Supplied records:
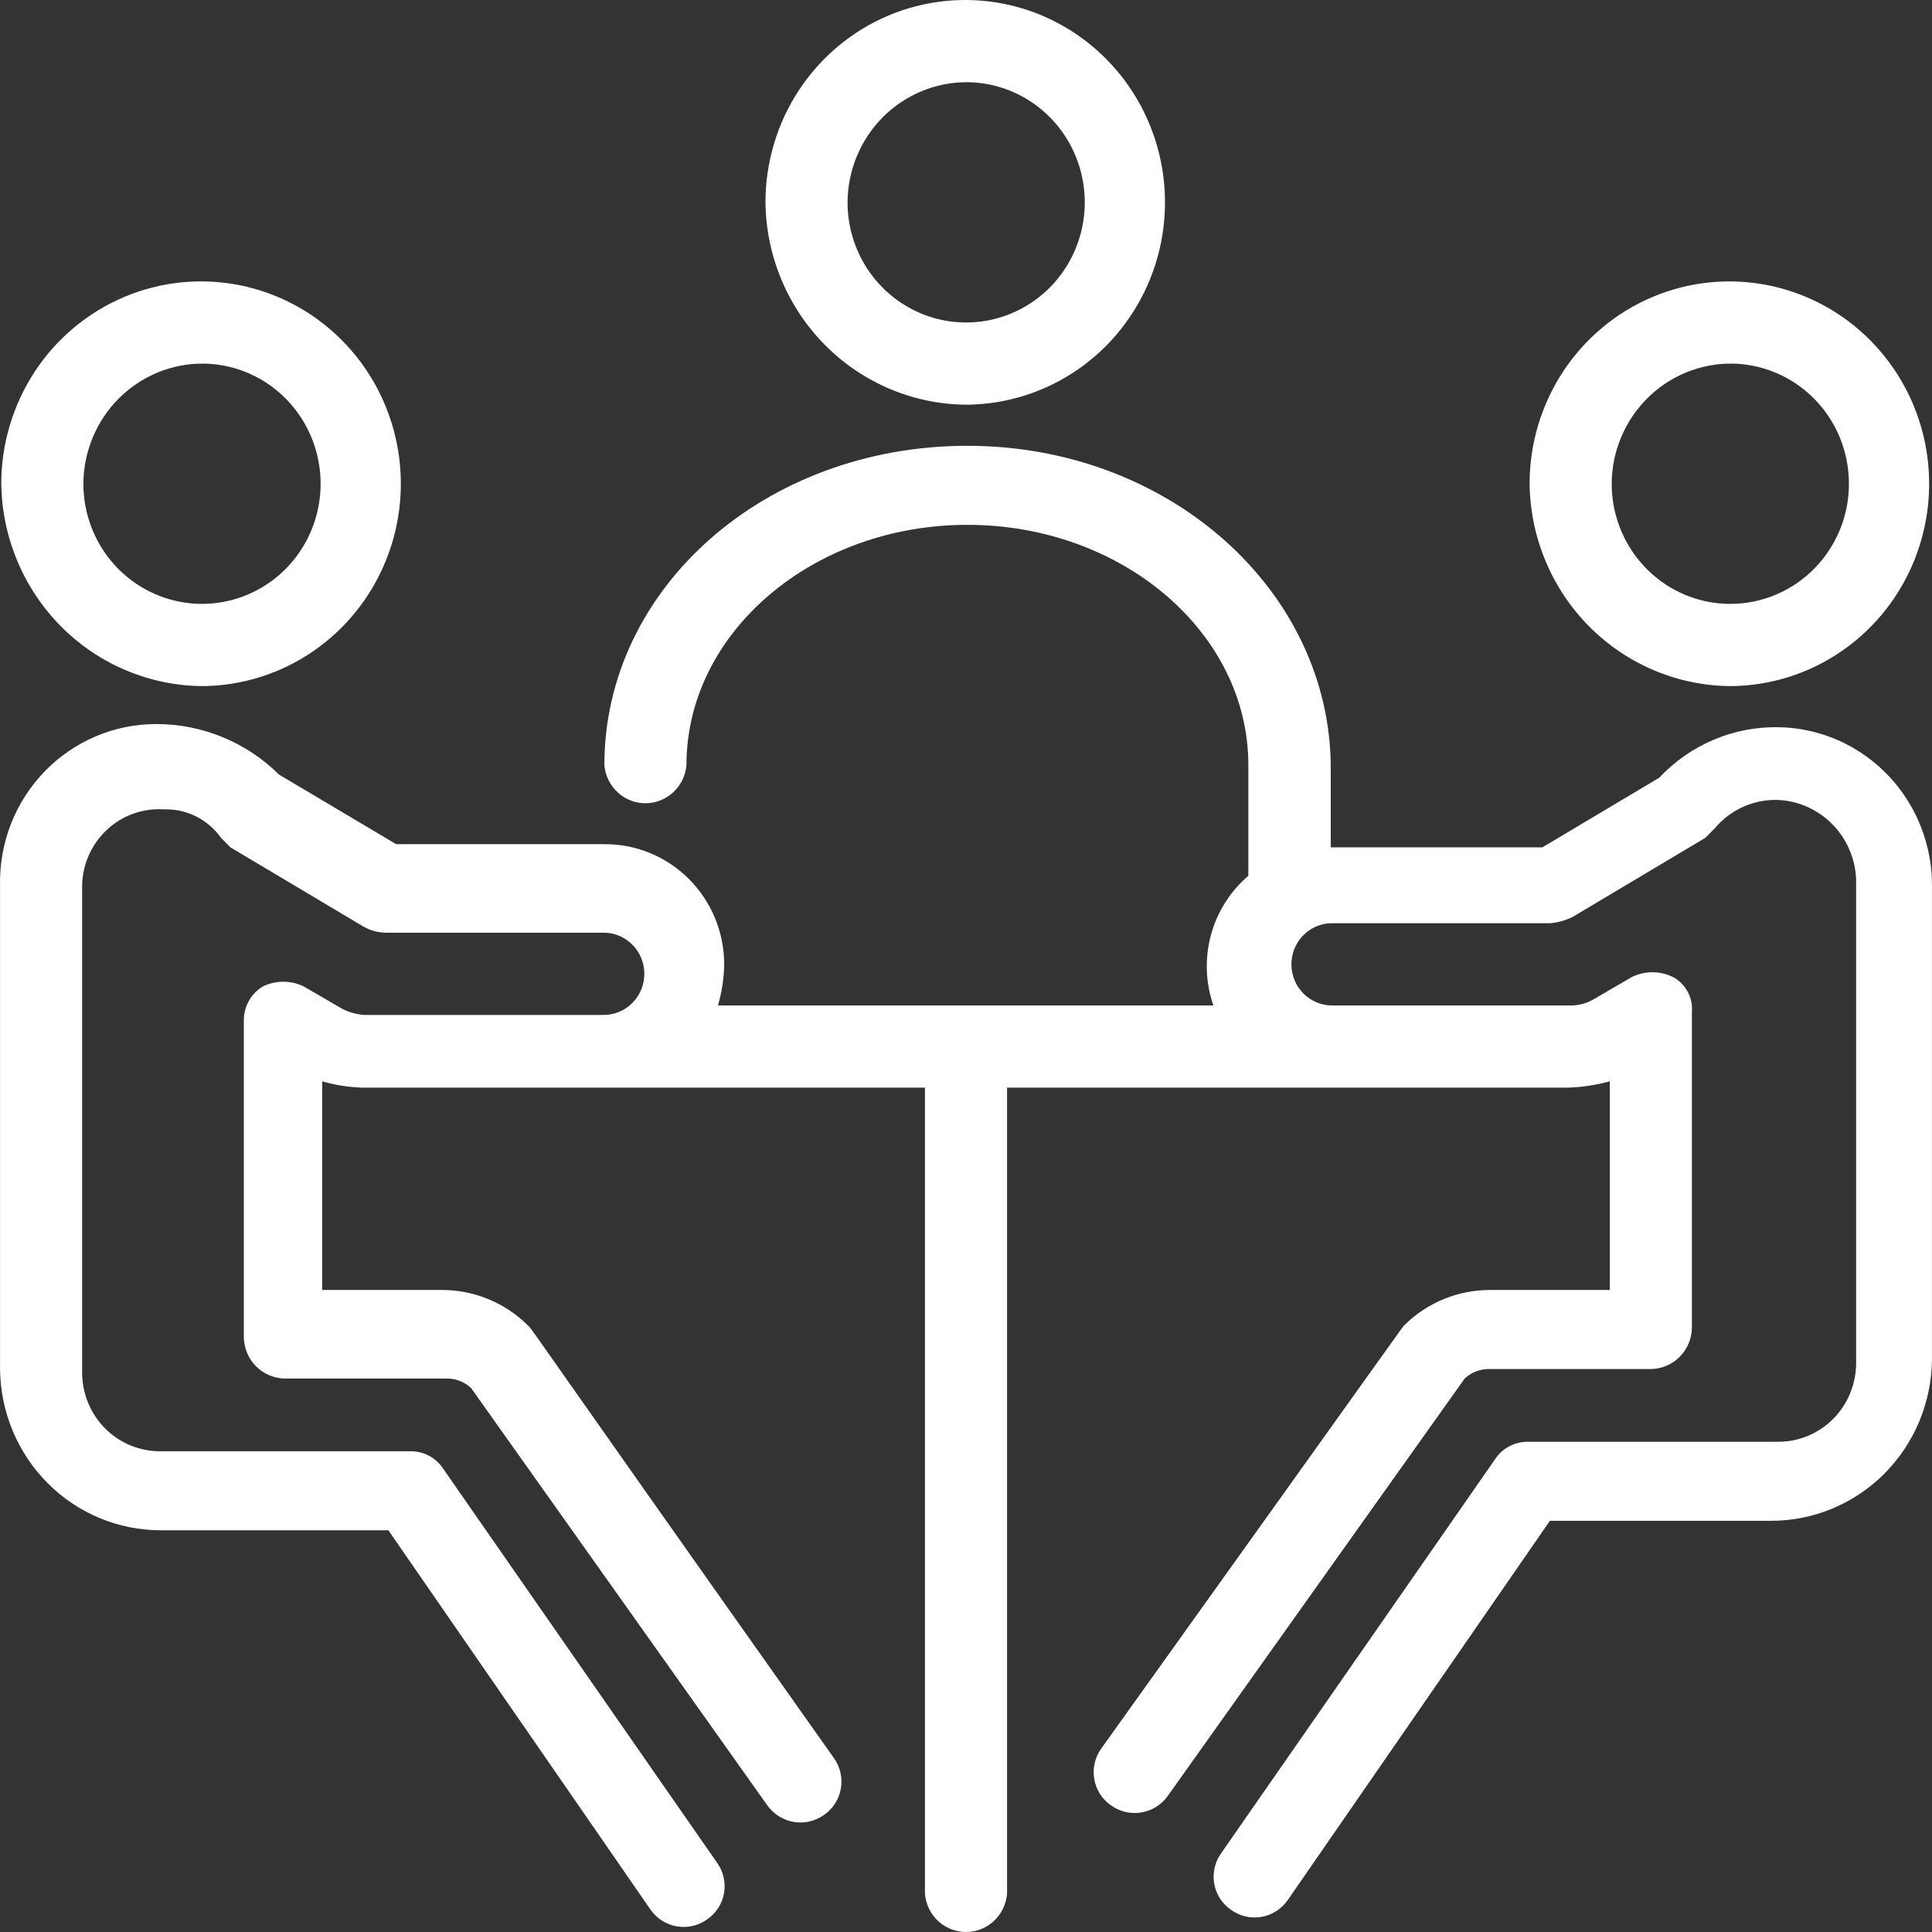 <svg width="55" height="55" viewBox="0 0 55 55" fill="none" xmlns="http://www.w3.org/2000/svg">
<rect x="0" y="0" width="55" height="55" fill="#333333" stroke="none"/>
<path d="M50.645 20.702C50.008 20.688 49.376 20.809 48.789 21.057C48.201 21.305 47.671 21.675 47.232 22.142L43.909 24.122H37.884V21.872C37.884 16.831 33.298 12.691 27.54 12.691C21.782 12.691 17.205 16.741 17.205 21.782C17.231 22.078 17.365 22.354 17.581 22.554C17.797 22.755 18.08 22.867 18.374 22.867C18.667 22.867 18.95 22.755 19.166 22.554C19.383 22.354 19.517 22.078 19.542 21.782C19.542 18.002 23.141 14.941 27.54 14.941C31.939 14.941 35.538 18.002 35.538 21.782V24.932C35.022 25.372 34.65 25.961 34.472 26.62C34.294 27.279 34.319 27.978 34.542 28.623H20.44C20.549 28.242 20.609 27.849 20.617 27.453C20.616 27.001 20.527 26.553 20.355 26.137C20.182 25.72 19.93 25.342 19.613 25.024C19.296 24.706 18.92 24.455 18.507 24.285C18.094 24.114 17.651 24.029 17.205 24.032H11.278L7.945 22.052C7.01 21.126 5.752 20.609 4.444 20.612C3.853 20.612 3.268 20.731 2.723 20.963C2.178 21.195 1.684 21.534 1.27 21.962C0.857 22.389 0.531 22.896 0.313 23.452C0.095 24.009 -0.011 24.604 0.001 25.202V38.974C0.013 40.197 0.501 41.366 1.36 42.226C2.219 43.086 3.379 43.567 4.586 43.564H11.056L18.52 54.365C18.609 54.491 18.721 54.598 18.85 54.679C18.979 54.761 19.123 54.816 19.273 54.841C19.424 54.866 19.578 54.861 19.726 54.826C19.874 54.79 20.014 54.726 20.138 54.635C20.263 54.549 20.37 54.438 20.452 54.309C20.534 54.179 20.589 54.035 20.614 53.883C20.639 53.732 20.633 53.577 20.597 53.427C20.561 53.278 20.495 53.138 20.404 53.015L12.584 41.764C12.481 41.624 12.347 41.51 12.193 41.432C12.038 41.354 11.868 41.313 11.695 41.314H4.586C4.292 41.319 4 41.264 3.727 41.153C3.453 41.042 3.205 40.877 2.995 40.667C2.786 40.458 2.62 40.208 2.507 39.932C2.394 39.657 2.337 39.362 2.338 39.064V25.292C2.332 24.985 2.39 24.68 2.507 24.397C2.624 24.113 2.798 23.858 3.018 23.646C3.237 23.434 3.498 23.271 3.784 23.167C4.069 23.063 4.373 23.021 4.675 23.042C4.99 23.032 5.302 23.101 5.584 23.243C5.866 23.384 6.109 23.593 6.293 23.852L6.559 24.122L10.336 26.372C10.528 26.484 10.745 26.546 10.967 26.552H17.187C17.494 26.552 17.788 26.676 18.004 26.895C18.221 27.114 18.343 27.412 18.343 27.723C18.343 28.033 18.221 28.331 18.004 28.55C17.788 28.769 17.494 28.893 17.187 28.893H10.354C10.136 28.875 9.925 28.814 9.732 28.713L8.647 28.082C8.466 27.994 8.267 27.948 8.065 27.948C7.864 27.948 7.665 27.994 7.483 28.082C7.314 28.184 7.174 28.329 7.079 28.503C6.984 28.677 6.936 28.874 6.941 29.073V38.074C6.948 38.383 7.073 38.678 7.29 38.896C7.507 39.115 7.8 39.239 8.105 39.244H12.691C12.956 39.235 13.215 39.332 13.411 39.514L21.844 51.395C22.024 51.647 22.295 51.817 22.598 51.867C22.901 51.918 23.211 51.845 23.461 51.665C23.586 51.579 23.693 51.468 23.775 51.339C23.857 51.21 23.912 51.065 23.938 50.914C23.964 50.763 23.959 50.608 23.925 50.459C23.89 50.309 23.826 50.169 23.737 50.045C14.566 37.084 15.197 37.894 15.01 37.714C14.359 37.077 13.489 36.722 12.584 36.723H9.172V30.783C9.55 30.893 9.942 30.954 10.336 30.963H26.331V53.915C26.357 54.211 26.491 54.487 26.707 54.688C26.924 54.889 27.206 55 27.5 55C27.793 55 28.076 54.889 28.293 54.688C28.509 54.487 28.643 54.211 28.669 53.915V30.963H44.664C45.058 30.947 45.448 30.887 45.828 30.783V36.723H42.416C41.511 36.722 40.641 37.077 39.99 37.714C39.901 37.804 40.434 37.084 31.352 49.775C31.263 49.899 31.199 50.039 31.164 50.189C31.13 50.338 31.125 50.493 31.151 50.644C31.176 50.795 31.232 50.94 31.314 51.069C31.396 51.198 31.503 51.309 31.628 51.395C31.878 51.575 32.188 51.648 32.491 51.597C32.794 51.547 33.065 51.377 33.245 51.125L41.696 39.244C41.892 39.062 42.15 38.965 42.416 38.974H47.001C47.307 38.969 47.599 38.845 47.816 38.626C48.033 38.408 48.159 38.113 48.165 37.803V28.803C48.181 28.602 48.138 28.401 48.041 28.225C47.945 28.049 47.8 27.905 47.623 27.812C47.442 27.724 47.243 27.678 47.041 27.678C46.84 27.678 46.641 27.724 46.459 27.812L45.375 28.443C45.186 28.555 44.972 28.617 44.753 28.623H37.919C37.613 28.623 37.319 28.499 37.102 28.28C36.886 28.06 36.764 27.763 36.764 27.453C36.764 27.142 36.886 26.845 37.102 26.625C37.319 26.406 37.613 26.282 37.919 26.282H44.14C44.359 26.262 44.573 26.201 44.771 26.102L48.547 23.852L48.814 23.582C49.033 23.322 49.305 23.115 49.613 22.974C49.92 22.834 50.254 22.765 50.591 22.772C51.177 22.792 51.734 23.034 52.15 23.451C52.567 23.869 52.813 24.429 52.84 25.022V38.794C52.841 39.092 52.783 39.387 52.67 39.663C52.558 39.938 52.392 40.188 52.182 40.397C51.973 40.607 51.724 40.772 51.451 40.883C51.178 40.994 50.886 41.049 50.591 41.044H43.482C43.31 41.044 43.14 41.085 42.986 41.163C42.831 41.241 42.697 41.354 42.594 41.494L34.773 52.745C34.682 52.868 34.617 53.008 34.581 53.157C34.545 53.306 34.539 53.462 34.564 53.613C34.589 53.765 34.644 53.909 34.726 54.039C34.808 54.168 34.915 54.279 35.04 54.365C35.164 54.456 35.304 54.52 35.452 54.556C35.6 54.591 35.754 54.596 35.904 54.571C36.055 54.546 36.199 54.491 36.328 54.409C36.457 54.328 36.569 54.221 36.657 54.095L44.122 43.294H50.414C51.621 43.297 52.781 42.815 53.64 41.956C54.499 41.096 54.987 39.927 54.999 38.704V25.292C55.011 24.701 54.908 24.114 54.695 23.563C54.483 23.012 54.165 22.51 53.761 22.083C53.356 21.657 52.873 21.316 52.339 21.078C51.804 20.841 51.228 20.713 50.645 20.702Z" fill="white"/>
<path d="M49.303 19.532C50.425 19.517 51.517 19.168 52.443 18.526C53.369 17.884 54.087 16.98 54.506 15.926C54.926 14.872 55.028 13.716 54.801 12.604C54.574 11.491 54.026 10.472 53.228 9.673C52.43 8.875 51.417 8.333 50.315 8.117C49.214 7.9 48.074 8.018 47.039 8.456C46.004 8.894 45.12 9.633 44.498 10.578C43.876 11.524 43.544 12.635 43.544 13.771C43.563 15.306 44.178 16.771 45.256 17.849C46.334 18.927 47.788 19.532 49.303 19.532ZM49.303 10.351C49.969 10.36 50.617 10.568 51.167 10.949C51.716 11.33 52.142 11.867 52.391 12.493C52.639 13.119 52.7 13.805 52.565 14.466C52.43 15.126 52.105 15.731 51.63 16.205C51.157 16.679 50.555 17 49.901 17.129C49.247 17.257 48.571 17.187 47.956 16.927C47.342 16.666 46.817 16.228 46.448 15.667C46.079 15.105 45.882 14.446 45.882 13.771C45.884 13.319 45.974 12.871 46.148 12.455C46.321 12.038 46.574 11.66 46.892 11.342C47.209 11.024 47.586 10.773 48 10.603C48.413 10.433 48.856 10.347 49.303 10.351Z" fill="white"/>
<path d="M5.786 19.532C6.908 19.519 8.001 19.171 8.929 18.53C9.856 17.89 10.575 16.986 10.996 15.932C11.417 14.879 11.521 13.722 11.294 12.609C11.068 11.496 10.521 10.475 9.723 9.676C8.926 8.877 7.912 8.334 6.811 8.117C5.709 7.9 4.569 8.017 3.533 8.455C2.498 8.893 1.613 9.631 0.991 10.577C0.369 11.523 0.037 12.634 0.036 13.771C0.057 15.303 0.672 16.765 1.747 17.843C2.823 18.921 4.273 19.527 5.786 19.532ZM5.786 10.351C6.452 10.358 7.102 10.564 7.652 10.944C8.203 11.325 8.63 11.861 8.88 12.487C9.13 13.112 9.192 13.799 9.058 14.46C8.924 15.121 8.599 15.727 8.126 16.202C7.652 16.677 7.05 16.999 6.396 17.128C5.742 17.257 5.065 17.187 4.45 16.927C3.835 16.668 3.31 16.229 2.94 15.668C2.571 15.106 2.374 14.446 2.374 13.771C2.376 13.319 2.466 12.873 2.639 12.457C2.812 12.04 3.063 11.663 3.38 11.345C3.697 11.027 4.073 10.776 4.486 10.605C4.898 10.435 5.34 10.348 5.786 10.351Z" fill="white"/>
<path d="M27.54 11.521C28.662 11.508 29.756 11.16 30.683 10.52C31.61 9.879 32.329 8.975 32.75 7.921C33.171 6.868 33.275 5.712 33.048 4.598C32.822 3.485 32.275 2.464 31.477 1.665C30.68 0.866 29.666 0.323 28.565 0.106C27.463 -0.111 26.323 0.007 25.287 0.444C24.252 0.882 23.367 1.621 22.745 2.566C22.123 3.512 21.791 4.624 21.791 5.76C21.809 7.293 22.423 8.757 23.499 9.835C24.575 10.913 26.026 11.519 27.54 11.521ZM27.54 2.34C28.206 2.347 28.856 2.554 29.406 2.934C29.957 3.314 30.384 3.851 30.634 4.476C30.884 5.102 30.946 5.788 30.812 6.449C30.678 7.11 30.353 7.716 29.88 8.191C29.406 8.666 28.804 8.988 28.15 9.117C27.496 9.246 26.819 9.177 26.204 8.917C25.589 8.657 25.064 8.218 24.694 7.657C24.325 7.095 24.128 6.435 24.128 5.76C24.13 5.309 24.22 4.862 24.393 4.446C24.566 4.03 24.818 3.652 25.134 3.334C25.451 3.017 25.827 2.765 26.239 2.595C26.652 2.424 27.094 2.338 27.54 2.34Z" fill="white"/>
</svg>

Assignment: Your answer must be the line containing "11.521C28.662 11.508 29.756" and each line after it in the listing above, copied exactly.

Response below:
<path d="M27.54 11.521C28.662 11.508 29.756 11.16 30.683 10.52C31.61 9.879 32.329 8.975 32.75 7.921C33.171 6.868 33.275 5.712 33.048 4.598C32.822 3.485 32.275 2.464 31.477 1.665C30.68 0.866 29.666 0.323 28.565 0.106C27.463 -0.111 26.323 0.007 25.287 0.444C24.252 0.882 23.367 1.621 22.745 2.566C22.123 3.512 21.791 4.624 21.791 5.76C21.809 7.293 22.423 8.757 23.499 9.835C24.575 10.913 26.026 11.519 27.54 11.521ZM27.54 2.34C28.206 2.347 28.856 2.554 29.406 2.934C29.957 3.314 30.384 3.851 30.634 4.476C30.884 5.102 30.946 5.788 30.812 6.449C30.678 7.11 30.353 7.716 29.88 8.191C29.406 8.666 28.804 8.988 28.15 9.117C27.496 9.246 26.819 9.177 26.204 8.917C25.589 8.657 25.064 8.218 24.694 7.657C24.325 7.095 24.128 6.435 24.128 5.76C24.13 5.309 24.22 4.862 24.393 4.446C24.566 4.03 24.818 3.652 25.134 3.334C25.451 3.017 25.827 2.765 26.239 2.595C26.652 2.424 27.094 2.338 27.54 2.34Z" fill="white"/>
</svg>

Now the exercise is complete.